So you don't know Lionel Tertius?

Check his amazing commitment to Mozart's K364, with the great Albert Sammons as the other soloist. A clean transfer is available at Naxos.


----------



## opus67

Speaking of K.364, which performances would you guys recommend for this work? I know the one with Perlman, Zukerman and Mehta is available here, but I'm not so sure if there were any others at the store.


----------



## Manuel

opus67 said:


> Speaking of K.364, which performances would you guys recommend for this work? I know the one with Perlman, Zukerman and Mehta is available here, but I'm not so sure if there were any others at the store.

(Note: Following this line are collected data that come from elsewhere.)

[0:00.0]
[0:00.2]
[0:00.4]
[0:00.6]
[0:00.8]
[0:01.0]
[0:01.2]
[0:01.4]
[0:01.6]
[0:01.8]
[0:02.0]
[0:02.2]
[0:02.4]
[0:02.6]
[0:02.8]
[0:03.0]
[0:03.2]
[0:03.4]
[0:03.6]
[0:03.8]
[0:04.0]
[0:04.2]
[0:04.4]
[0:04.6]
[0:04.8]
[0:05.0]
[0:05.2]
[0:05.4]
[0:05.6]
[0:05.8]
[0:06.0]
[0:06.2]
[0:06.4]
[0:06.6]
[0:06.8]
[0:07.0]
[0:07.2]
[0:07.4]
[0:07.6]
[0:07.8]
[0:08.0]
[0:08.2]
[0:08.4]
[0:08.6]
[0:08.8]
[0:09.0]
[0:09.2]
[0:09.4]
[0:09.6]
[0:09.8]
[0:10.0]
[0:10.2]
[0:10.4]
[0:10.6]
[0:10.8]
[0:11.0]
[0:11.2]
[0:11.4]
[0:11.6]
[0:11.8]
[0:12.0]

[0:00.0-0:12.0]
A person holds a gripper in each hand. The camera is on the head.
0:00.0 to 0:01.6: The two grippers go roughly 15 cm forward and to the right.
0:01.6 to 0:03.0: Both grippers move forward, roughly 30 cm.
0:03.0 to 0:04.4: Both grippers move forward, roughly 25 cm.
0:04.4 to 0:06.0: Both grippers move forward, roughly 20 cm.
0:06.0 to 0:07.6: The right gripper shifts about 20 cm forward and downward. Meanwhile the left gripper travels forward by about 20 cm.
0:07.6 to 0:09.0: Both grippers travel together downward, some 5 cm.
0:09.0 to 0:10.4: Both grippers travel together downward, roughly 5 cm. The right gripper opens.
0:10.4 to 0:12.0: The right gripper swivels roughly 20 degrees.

I suggest the Orpheus Chamber Orchestra, with Todd Phillips and Maureen Gallagher.


----------



## Rondo

Mine include:
(no particular order)

*Mahler: Symphony No. 6 (Zander/Philharmonia)
*Sibelius (d minor) and Beethoven (D Major) Vln concertos (Oistrakh/Ormandy/Philadelphia and Francescatti/Walter/Columbia-- respectively)
*Danny Elfman: "Serenada Schizophrana" and "Music for a Darkened Theater" vol. 2
*Mahler: Symphony No. 2 (Blomstedt/San Francisco SO)
*Beethoven: Symphony Nos. 4 and 6 (Walter/Columbia)
*Bruckner: Symphony No. 8 (Barenboim/Berlin)
*Sibelius: Complete Box Set of Symphonies-- (Kamu/Berlin 1-4; Karajan/Berlin 5-7)

On the topic of albums, I have been searching for a decent recording of Mahler's 9th (the only one of which I do not have a recording), and have been _leaning_ toward the 1995 release of the Walter/Vienna PO recording. Anyone's fav's include that one, by any chance?


----------



## Manuel

Eric683 said:


> *Danny Elfman: "Serenada Schizophrana" and "Music for a Darkened Theater" vol. 2


I'll explore this cds. Thank you for bringing them up.


----------



## Chi_townPhilly

Eric683 said:


> *Bruckner: Symphony No. 8 (Barenboim/Berlin)

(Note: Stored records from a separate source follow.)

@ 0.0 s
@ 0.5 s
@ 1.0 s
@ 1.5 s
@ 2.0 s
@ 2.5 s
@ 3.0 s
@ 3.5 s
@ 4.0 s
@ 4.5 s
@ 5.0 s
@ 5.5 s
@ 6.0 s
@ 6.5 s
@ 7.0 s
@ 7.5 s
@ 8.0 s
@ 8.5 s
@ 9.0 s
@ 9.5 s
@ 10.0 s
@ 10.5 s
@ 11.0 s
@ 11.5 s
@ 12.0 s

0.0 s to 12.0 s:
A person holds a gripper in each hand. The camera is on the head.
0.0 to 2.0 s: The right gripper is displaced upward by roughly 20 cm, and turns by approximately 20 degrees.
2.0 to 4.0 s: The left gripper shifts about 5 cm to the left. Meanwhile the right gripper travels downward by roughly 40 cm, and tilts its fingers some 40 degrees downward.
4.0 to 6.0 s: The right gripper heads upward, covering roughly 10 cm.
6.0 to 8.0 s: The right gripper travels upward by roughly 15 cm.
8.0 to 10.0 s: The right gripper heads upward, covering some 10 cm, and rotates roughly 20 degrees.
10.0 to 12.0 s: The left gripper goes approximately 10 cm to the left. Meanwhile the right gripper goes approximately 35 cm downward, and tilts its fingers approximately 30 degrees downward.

 Is that the Haas or Nowak edition? (yeah, I know I could look it up- but it's more fun to _discuss_ it than to research it )



Eric683 said:


> On the topic of albums, I have been searching for a decent recording of Mahler's 9th (the only one of which I do not have a recording), and have been _leaning_ toward the 1995 release of the Walter/Vienna PO recording. Anyone's fav's include that one, by any chance?


I have the Solti/Chicago & the Tennstedt/London Phil. recordings of it. I'm kind of a Solti fan, but I think the Tennstedt performance is something extra.


----------



## Rondo

Chi_town/Philly said:


> Is that the Haas or Nowak edition? (yeah, I know I could look it up- but it's more fun to _discuss_ it than to research it )

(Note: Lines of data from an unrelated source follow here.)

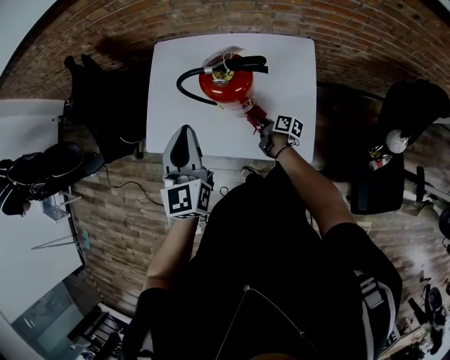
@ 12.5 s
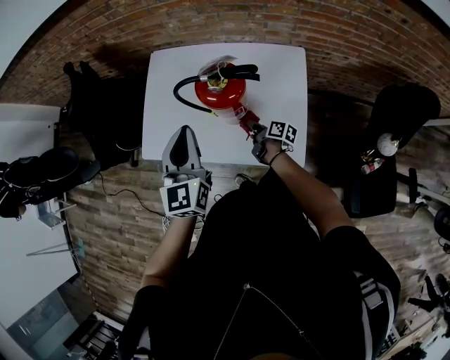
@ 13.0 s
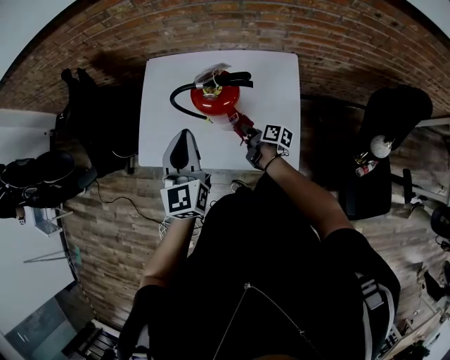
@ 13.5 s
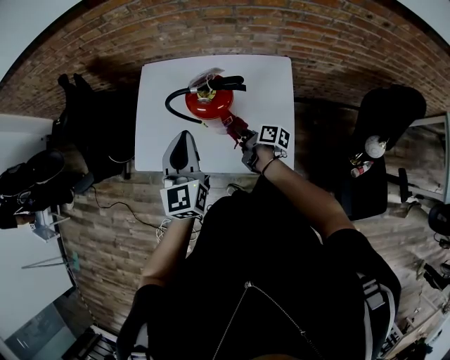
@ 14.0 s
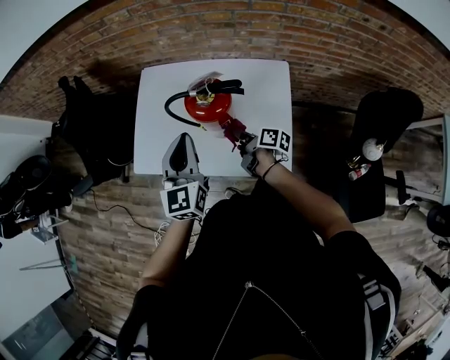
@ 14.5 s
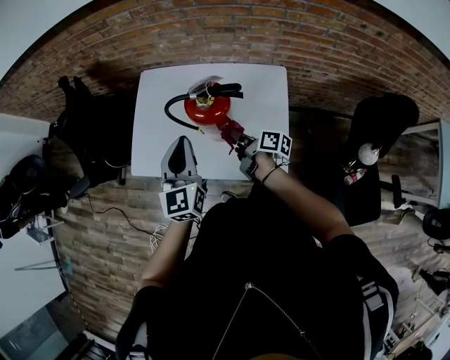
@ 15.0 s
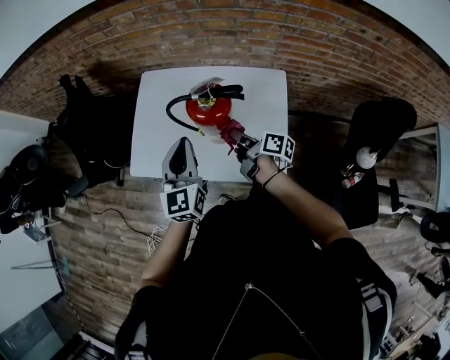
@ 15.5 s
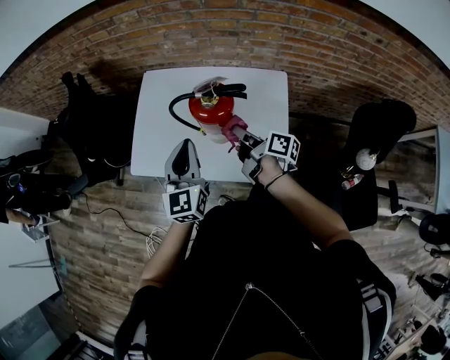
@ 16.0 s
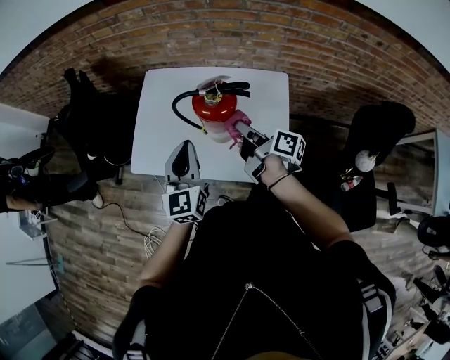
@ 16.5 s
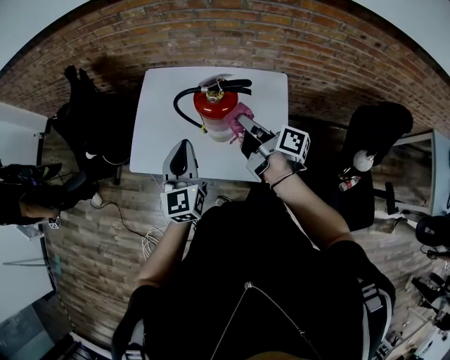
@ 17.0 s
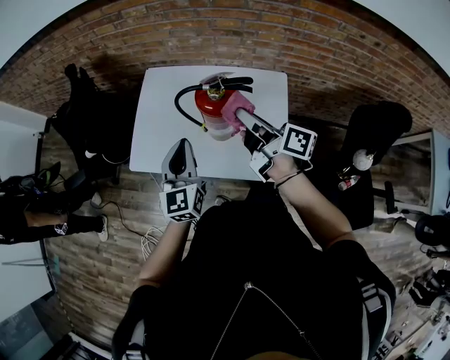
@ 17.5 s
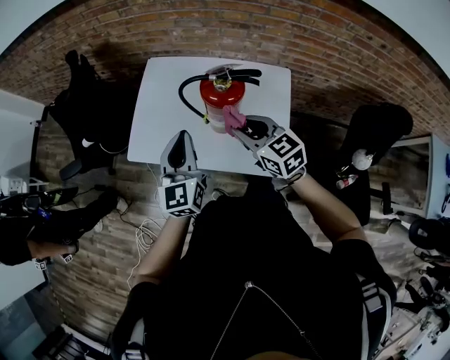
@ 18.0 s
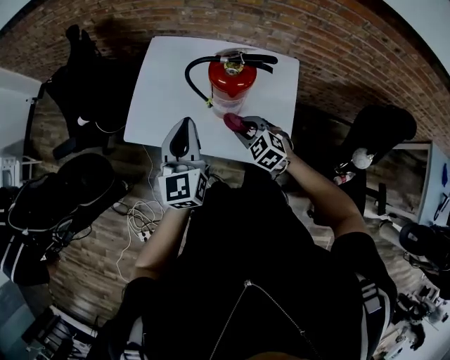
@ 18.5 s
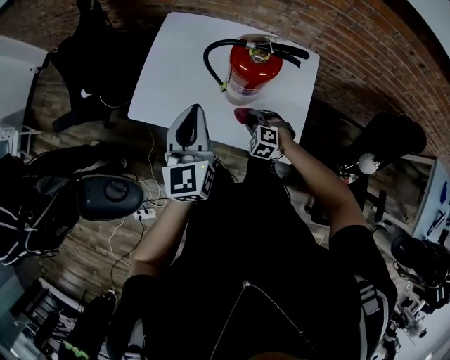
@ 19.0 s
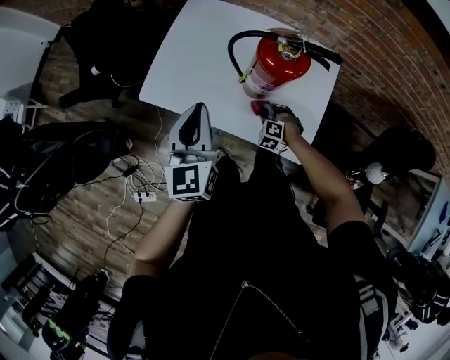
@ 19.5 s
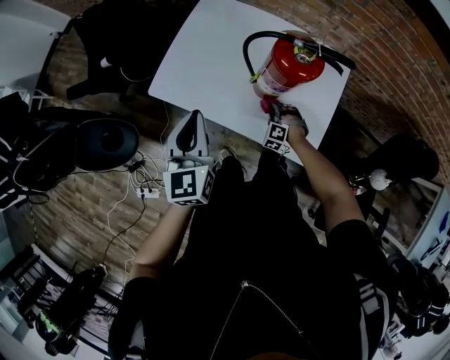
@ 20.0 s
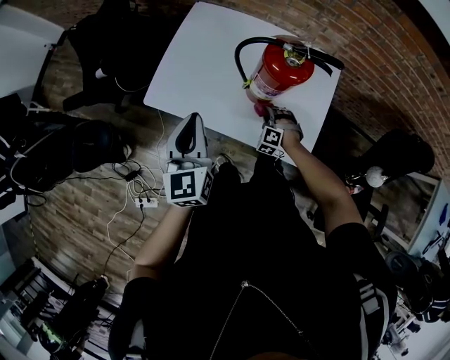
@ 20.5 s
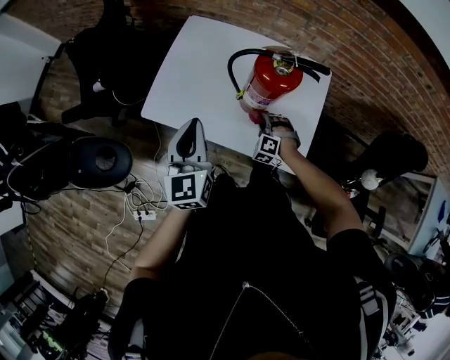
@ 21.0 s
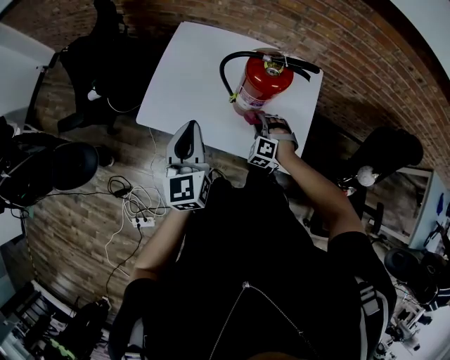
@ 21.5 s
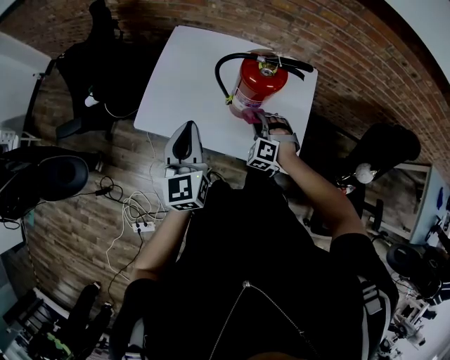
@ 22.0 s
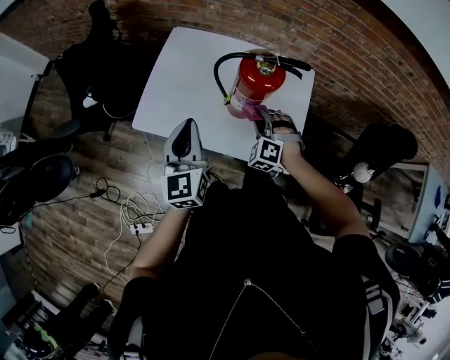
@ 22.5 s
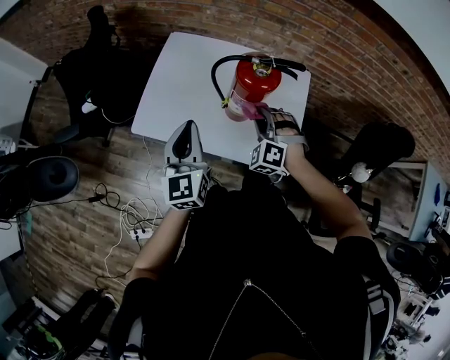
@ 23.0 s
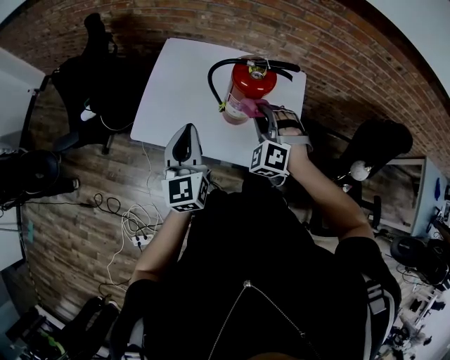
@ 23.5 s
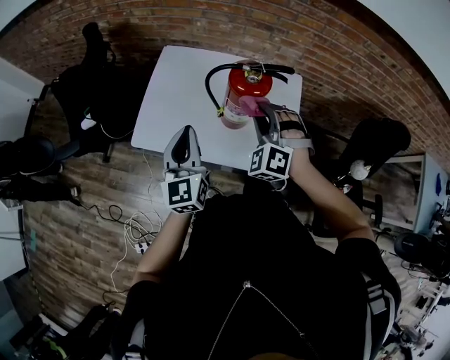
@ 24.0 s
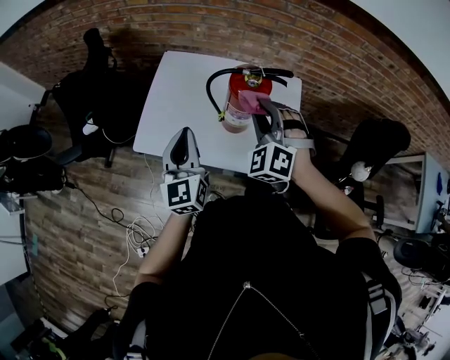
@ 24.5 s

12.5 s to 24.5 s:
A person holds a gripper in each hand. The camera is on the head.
12.5 to 14.5 s: The right gripper shifts approximately 15 cm upward.
14.5 to 16.5 s: The right gripper moves upward, approximately 15 cm.
16.5 to 18.5 s: The right gripper is displaced downward and to the left by some 10 cm, and rolls counterclockwise, seen from behind, by some 100 degrees.
18.5 to 20.5 s: The right gripper moves downward, about 20 cm, and turns by some 40 degrees, while the left gripper moves to the left, roughly 10 cm.
20.5 to 22.5 s: The right gripper travels upward by roughly 20 cm.
22.5 to 24.5 s: The right gripper goes roughly 20 cm upward.

It's the Haas Ed. I also have the Wand/Berlin performance (Haas, as well). I like them both, but some interpretable elements for the Barenboim version pushes it over the the other for me.

Ive considered getting Solti/Chicago for the Mahler symphonies...it's definitely a highly-regarded cycle! But...Im a Walter fan, myself.


----------



## Handel

I am listening an interesting CD:

Handel's Acis and Galatea arranged by Mozart. (Pinnock, English Concert, Archiv)


----------